**Work task:**
Reproduce the entries exactly, but keep the pictures out of the copy.

= = = = =

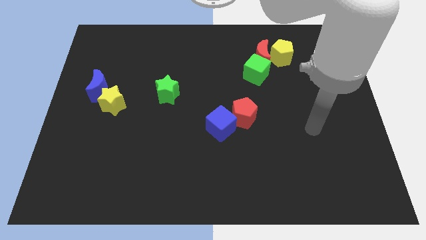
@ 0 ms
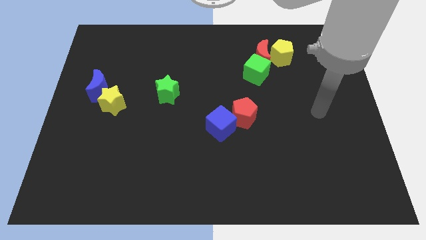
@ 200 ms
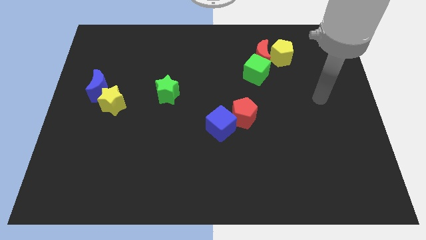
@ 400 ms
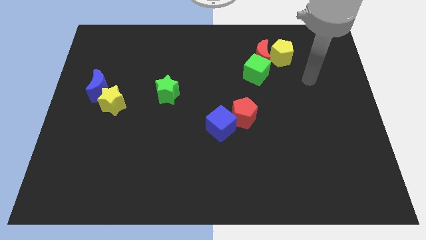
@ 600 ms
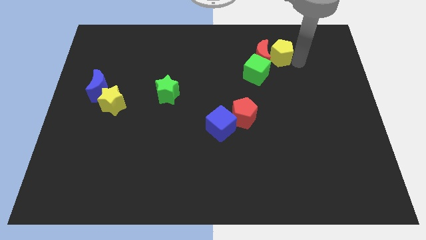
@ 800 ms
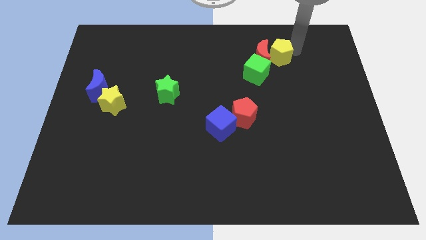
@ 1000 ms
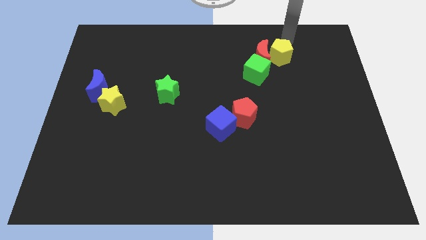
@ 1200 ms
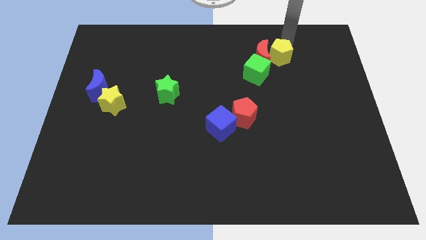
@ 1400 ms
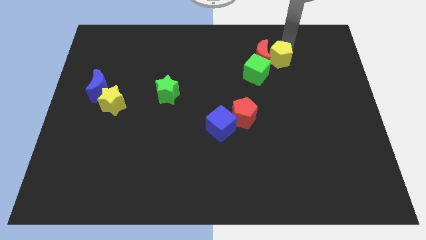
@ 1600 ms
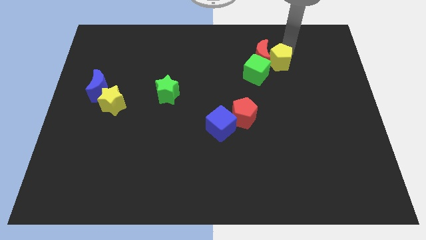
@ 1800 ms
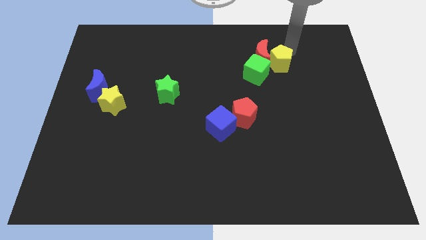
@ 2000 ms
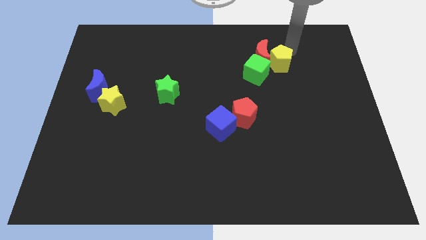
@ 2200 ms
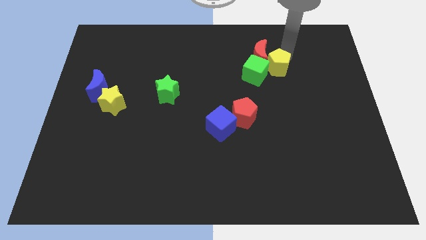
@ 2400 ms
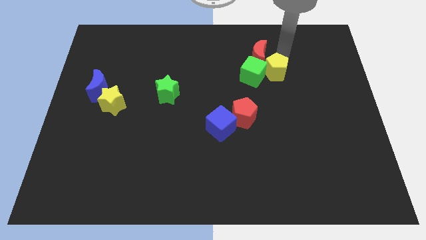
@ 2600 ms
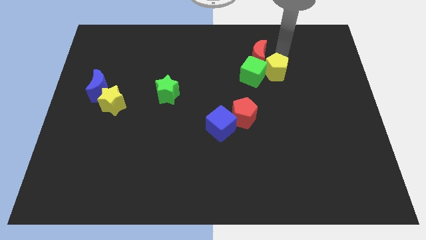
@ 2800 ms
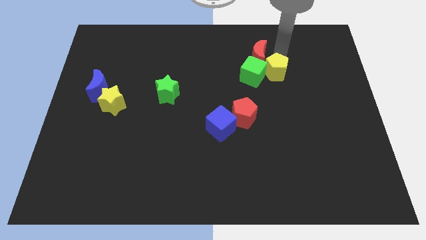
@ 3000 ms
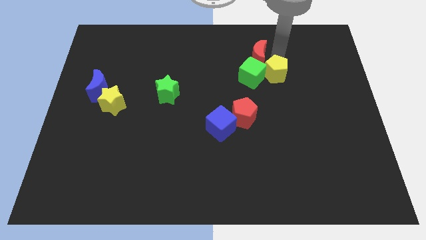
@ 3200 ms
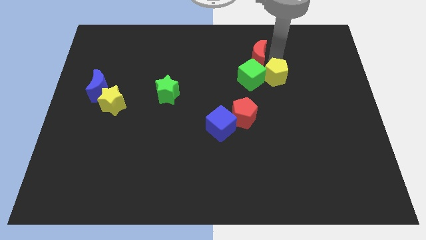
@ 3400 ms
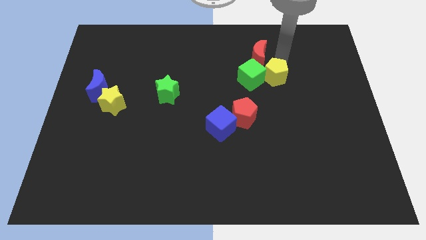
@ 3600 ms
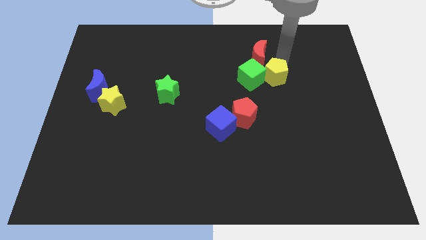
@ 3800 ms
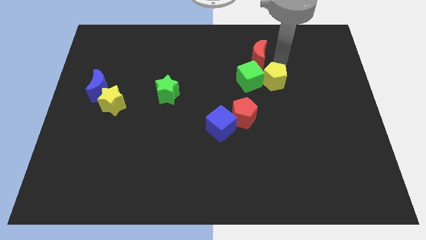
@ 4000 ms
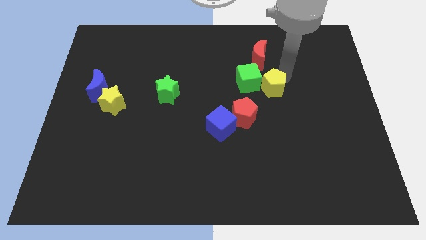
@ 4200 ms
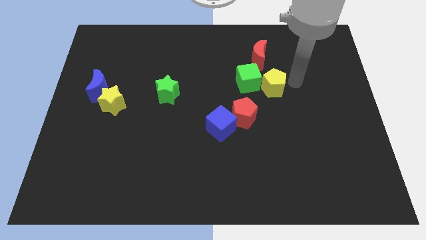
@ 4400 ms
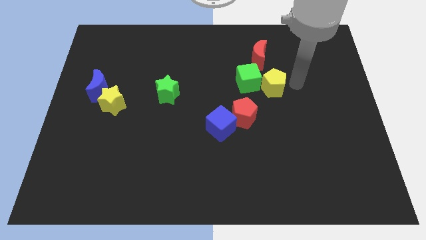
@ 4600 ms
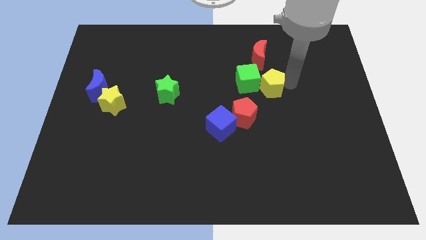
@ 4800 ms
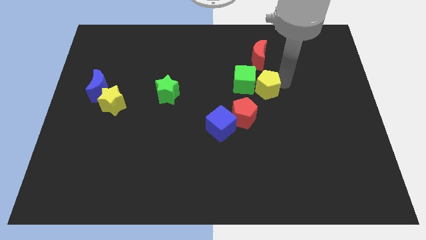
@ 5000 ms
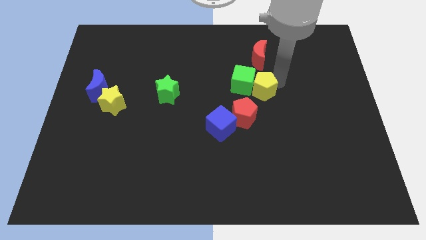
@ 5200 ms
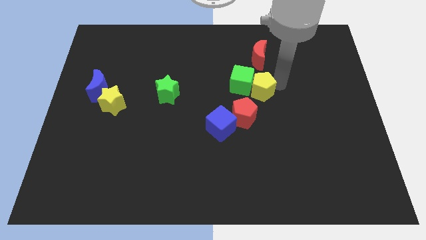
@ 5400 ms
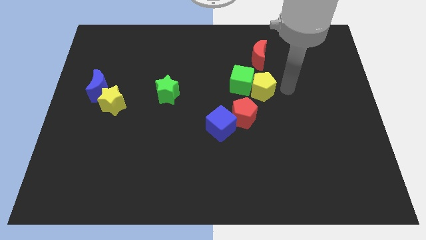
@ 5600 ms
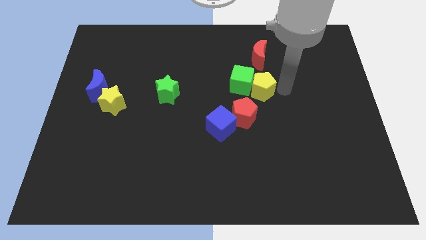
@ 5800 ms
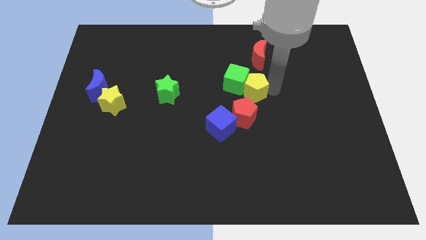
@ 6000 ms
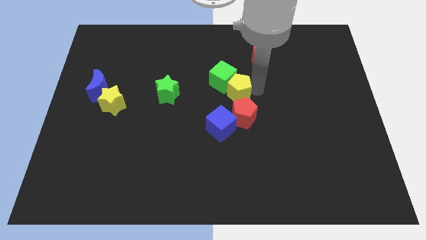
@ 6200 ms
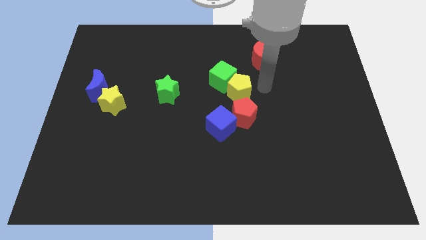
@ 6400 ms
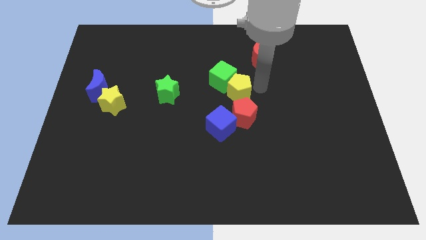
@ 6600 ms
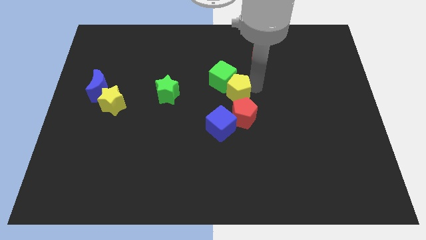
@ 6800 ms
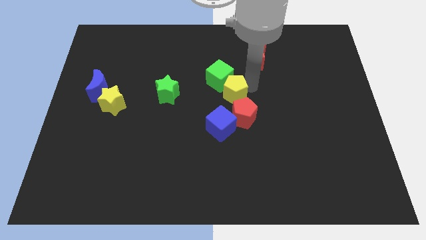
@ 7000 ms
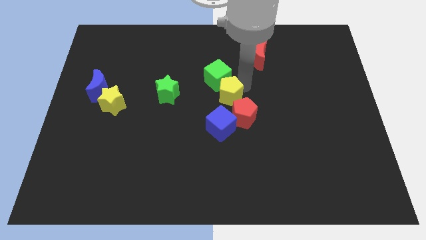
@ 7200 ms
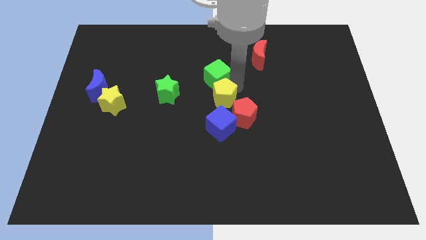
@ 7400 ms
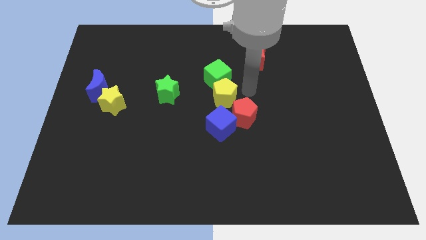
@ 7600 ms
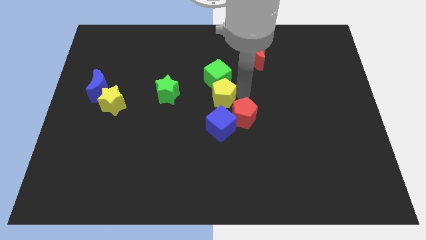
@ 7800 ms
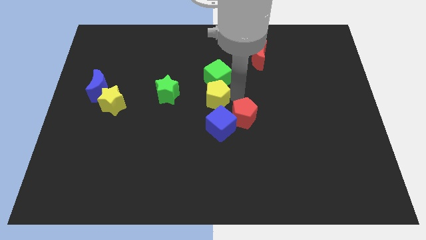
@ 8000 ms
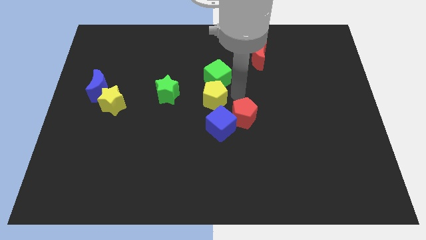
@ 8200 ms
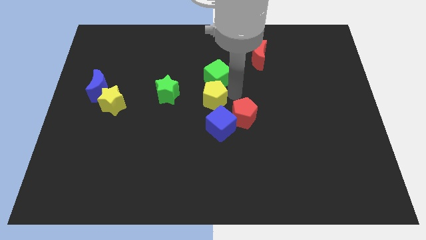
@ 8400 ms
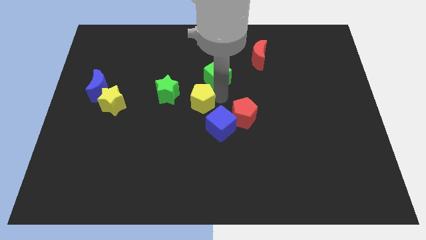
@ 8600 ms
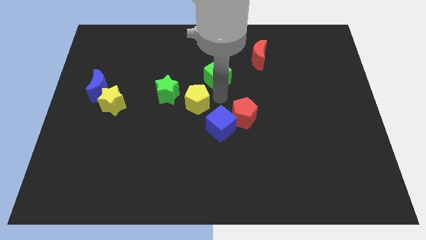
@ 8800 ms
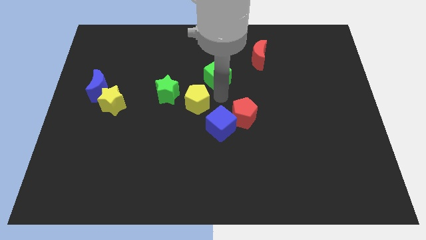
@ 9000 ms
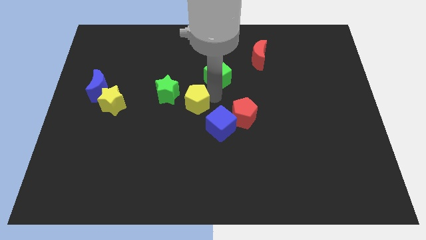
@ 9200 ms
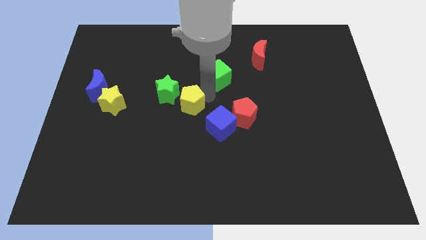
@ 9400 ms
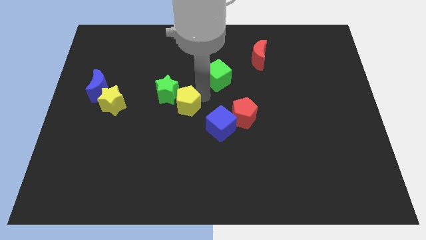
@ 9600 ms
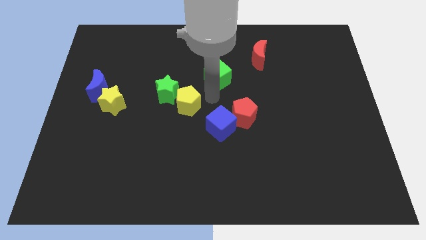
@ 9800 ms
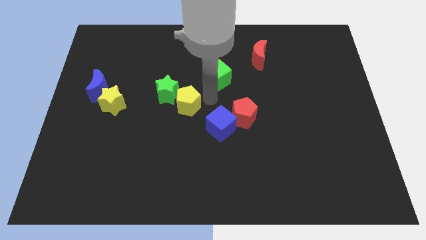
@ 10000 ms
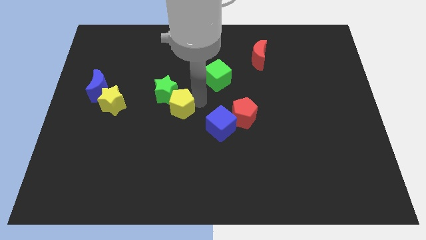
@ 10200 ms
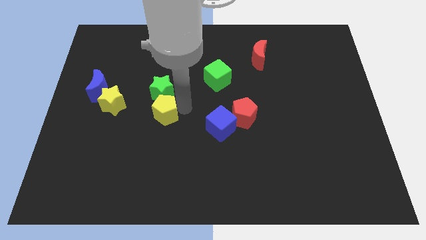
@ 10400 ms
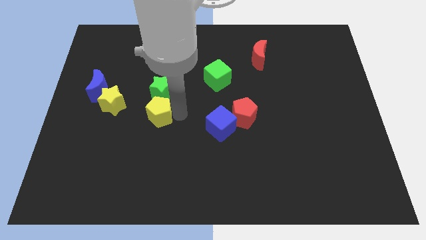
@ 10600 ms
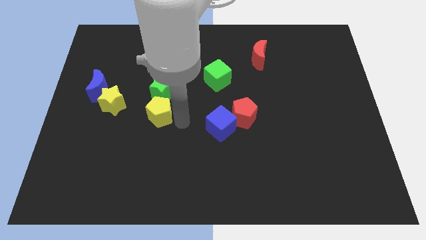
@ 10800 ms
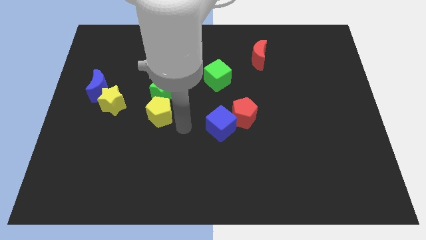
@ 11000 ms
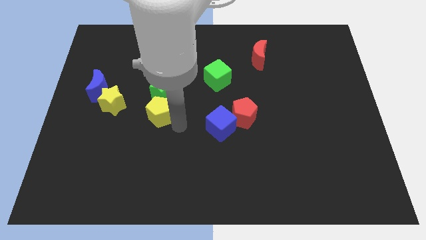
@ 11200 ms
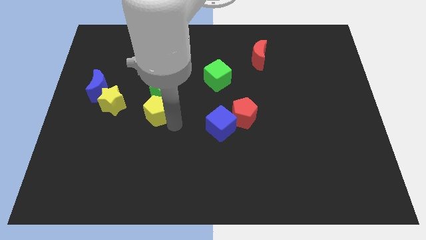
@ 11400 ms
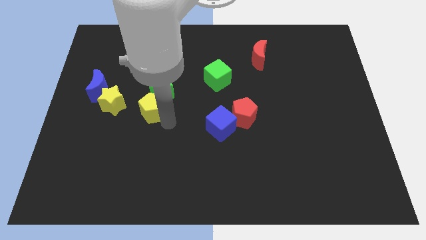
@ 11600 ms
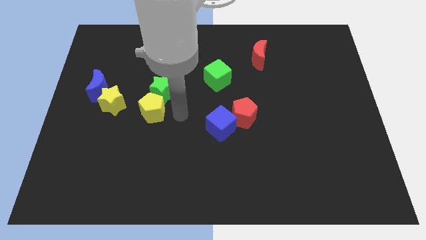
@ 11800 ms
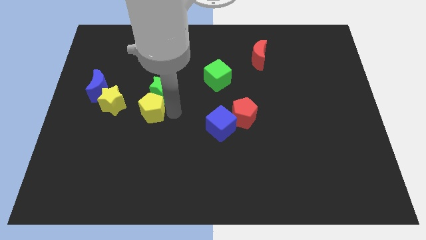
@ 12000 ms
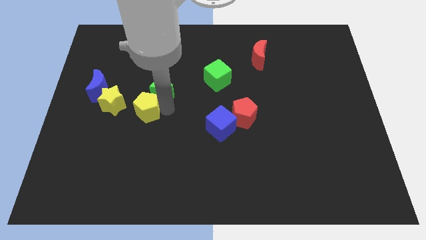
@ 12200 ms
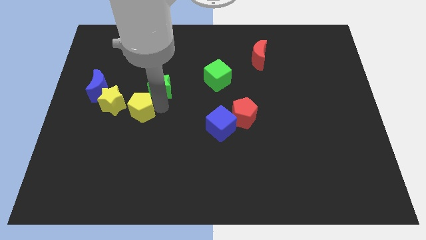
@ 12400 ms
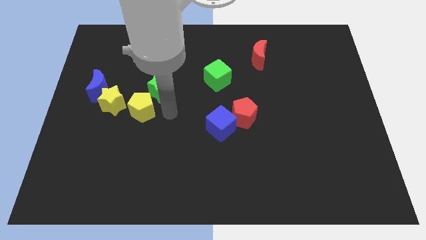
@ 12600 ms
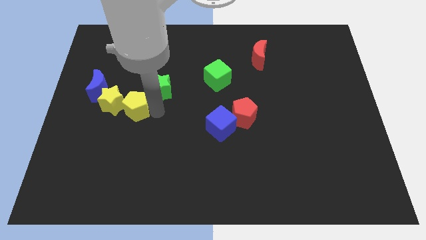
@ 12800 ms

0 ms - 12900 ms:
push the yellow pentagon to the bottom right of the blue moon

= = = = =

**Exercise response:**
@ 0 ms
@ 200 ms
@ 400 ms
@ 600 ms
@ 800 ms
@ 1000 ms
@ 1200 ms
@ 1400 ms
@ 1600 ms
@ 1800 ms
@ 2000 ms
@ 2200 ms
@ 2400 ms
@ 2600 ms
@ 2800 ms
@ 3000 ms
@ 3200 ms
@ 3400 ms
@ 3600 ms
@ 3800 ms
@ 4000 ms
@ 4200 ms
@ 4400 ms
@ 4600 ms
@ 4800 ms
@ 5000 ms
@ 5200 ms
@ 5400 ms
@ 5600 ms
@ 5800 ms
@ 6000 ms
@ 6200 ms
@ 6400 ms
@ 6600 ms
@ 6800 ms
@ 7000 ms
@ 7200 ms
@ 7400 ms
@ 7600 ms
@ 7800 ms
@ 8000 ms
@ 8200 ms
@ 8400 ms
@ 8600 ms
@ 8800 ms
@ 9000 ms
@ 9200 ms
@ 9400 ms
@ 9600 ms
@ 9800 ms
@ 10000 ms
@ 10200 ms
@ 10400 ms
@ 10600 ms
@ 10800 ms
@ 11000 ms
@ 11200 ms
@ 11400 ms
@ 11600 ms
@ 11800 ms
@ 12000 ms
@ 12200 ms
@ 12400 ms
@ 12600 ms
@ 12800 ms

0 ms - 12900 ms:
push the yellow pentagon to the bottom right of the blue moon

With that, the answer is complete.